**WORK REQUIRED**
Exact copy, no pictures: output all the records that follow.

=======

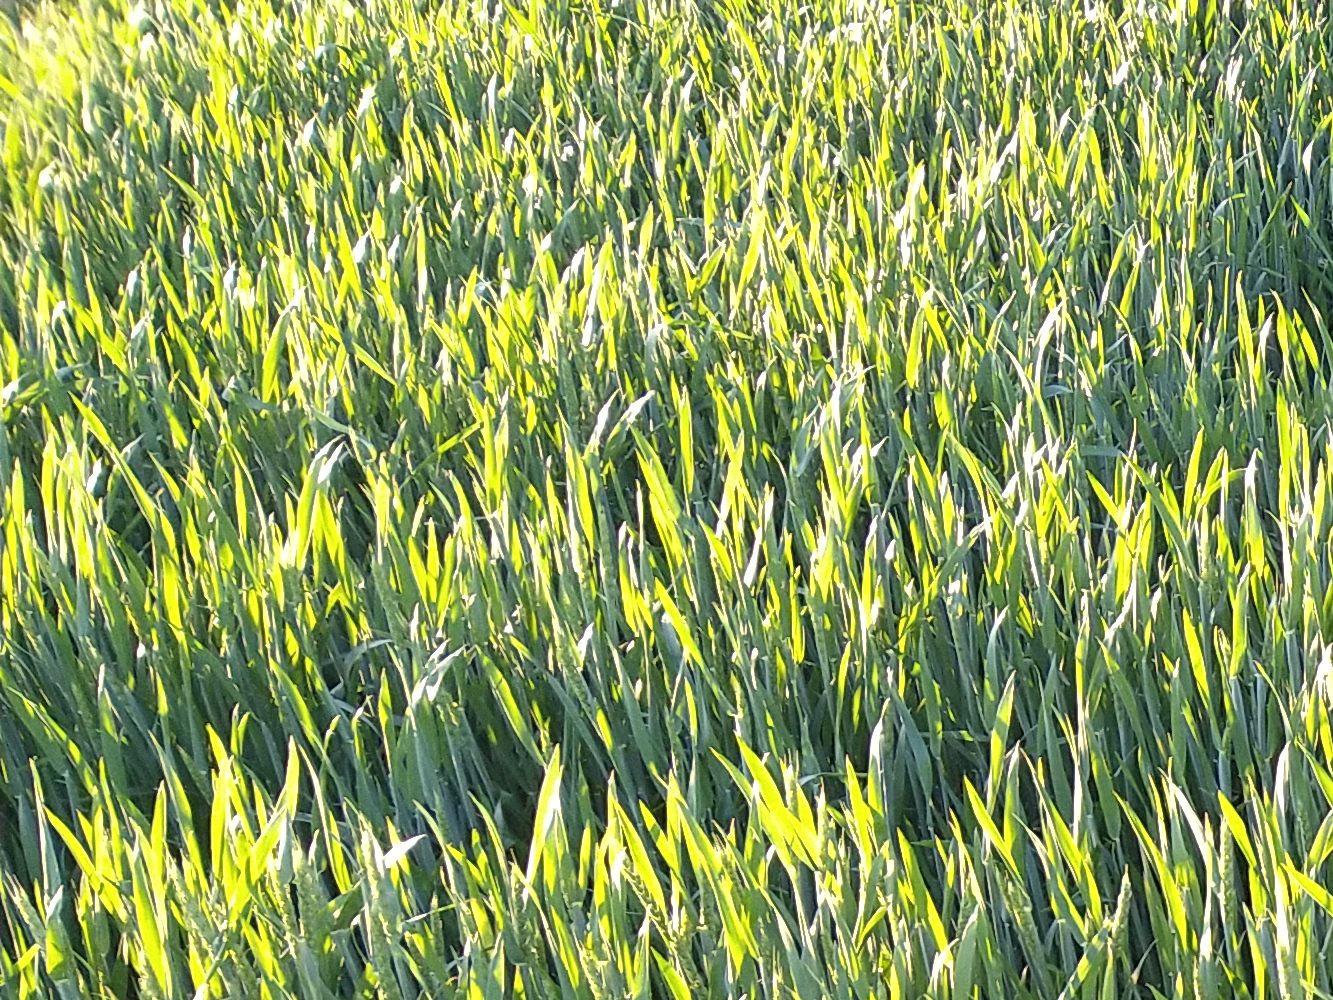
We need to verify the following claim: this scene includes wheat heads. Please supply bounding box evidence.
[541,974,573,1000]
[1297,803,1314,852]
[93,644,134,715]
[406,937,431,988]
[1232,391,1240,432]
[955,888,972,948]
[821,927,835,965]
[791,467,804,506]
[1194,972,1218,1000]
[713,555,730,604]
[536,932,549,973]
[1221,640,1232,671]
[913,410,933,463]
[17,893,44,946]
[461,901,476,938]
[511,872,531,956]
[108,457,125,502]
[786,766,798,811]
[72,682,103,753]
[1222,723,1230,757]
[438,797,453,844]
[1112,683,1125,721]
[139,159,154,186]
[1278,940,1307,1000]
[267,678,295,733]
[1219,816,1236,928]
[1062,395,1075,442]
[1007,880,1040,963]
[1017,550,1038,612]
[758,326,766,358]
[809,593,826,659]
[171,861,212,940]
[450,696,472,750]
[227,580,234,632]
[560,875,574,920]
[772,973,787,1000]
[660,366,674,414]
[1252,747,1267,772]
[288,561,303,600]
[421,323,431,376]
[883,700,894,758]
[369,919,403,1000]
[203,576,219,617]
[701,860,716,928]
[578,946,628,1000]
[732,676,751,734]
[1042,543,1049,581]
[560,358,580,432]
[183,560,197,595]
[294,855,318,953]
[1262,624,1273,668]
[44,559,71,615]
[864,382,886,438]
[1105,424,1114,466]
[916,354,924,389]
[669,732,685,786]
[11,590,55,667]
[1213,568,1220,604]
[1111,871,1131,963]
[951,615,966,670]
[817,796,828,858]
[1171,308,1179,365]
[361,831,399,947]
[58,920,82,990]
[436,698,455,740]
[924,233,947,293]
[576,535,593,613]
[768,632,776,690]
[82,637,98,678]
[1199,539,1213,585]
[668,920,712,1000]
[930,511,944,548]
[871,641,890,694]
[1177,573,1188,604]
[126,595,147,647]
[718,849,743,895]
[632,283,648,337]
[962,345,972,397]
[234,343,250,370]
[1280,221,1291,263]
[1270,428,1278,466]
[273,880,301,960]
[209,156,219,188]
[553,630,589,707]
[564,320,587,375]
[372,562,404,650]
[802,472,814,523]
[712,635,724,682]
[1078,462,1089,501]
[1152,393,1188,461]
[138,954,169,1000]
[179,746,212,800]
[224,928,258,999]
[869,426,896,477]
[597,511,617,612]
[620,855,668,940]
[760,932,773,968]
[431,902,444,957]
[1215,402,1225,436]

=======

**PROBLEM SOLUTION**
We need to verify the following claim: this scene includes wheat heads. Please supply bounding box evidence.
[541,974,573,1000]
[1297,803,1314,852]
[93,644,134,715]
[406,937,431,988]
[1232,391,1240,432]
[955,888,972,948]
[821,927,835,965]
[791,467,804,506]
[1194,972,1218,1000]
[713,555,730,604]
[536,932,549,973]
[1221,640,1232,671]
[913,410,933,463]
[17,893,44,946]
[461,901,476,938]
[511,872,531,956]
[108,457,125,502]
[786,766,798,811]
[72,682,103,753]
[1222,723,1230,757]
[438,797,453,844]
[1112,683,1125,721]
[139,159,154,186]
[1278,940,1307,1000]
[267,678,295,733]
[1219,816,1236,928]
[1062,395,1075,442]
[1007,880,1040,963]
[1017,550,1038,612]
[758,326,766,358]
[809,593,826,659]
[171,861,212,940]
[450,696,472,750]
[227,580,234,632]
[560,875,574,920]
[772,973,787,1000]
[660,366,674,414]
[1252,747,1267,772]
[288,561,303,600]
[421,323,431,376]
[883,700,894,758]
[369,919,403,1000]
[203,576,219,617]
[701,860,716,928]
[578,946,628,1000]
[732,676,751,734]
[1042,543,1049,581]
[560,358,580,432]
[183,560,197,595]
[294,855,318,953]
[1262,624,1273,668]
[44,559,71,615]
[864,382,886,438]
[1105,424,1114,466]
[916,354,924,389]
[669,732,685,786]
[11,590,55,667]
[1213,568,1220,604]
[1111,871,1131,963]
[951,615,966,670]
[817,796,828,858]
[1171,308,1179,365]
[361,831,399,947]
[58,920,82,990]
[436,698,455,740]
[924,233,947,293]
[576,535,593,613]
[768,632,776,690]
[82,637,98,678]
[1199,539,1213,585]
[668,920,712,1000]
[930,511,944,548]
[871,641,890,694]
[1177,573,1188,604]
[126,595,147,647]
[718,849,743,895]
[632,283,648,337]
[962,345,972,397]
[234,343,250,370]
[1280,221,1291,263]
[1270,428,1278,466]
[273,880,301,960]
[209,156,219,188]
[553,630,589,707]
[564,320,587,375]
[372,562,404,650]
[802,472,814,523]
[712,635,724,682]
[1078,462,1089,501]
[1152,393,1188,461]
[138,954,169,1000]
[179,746,212,800]
[224,928,258,999]
[869,426,896,477]
[597,511,617,612]
[620,855,668,940]
[760,932,773,968]
[431,902,444,957]
[1215,402,1225,436]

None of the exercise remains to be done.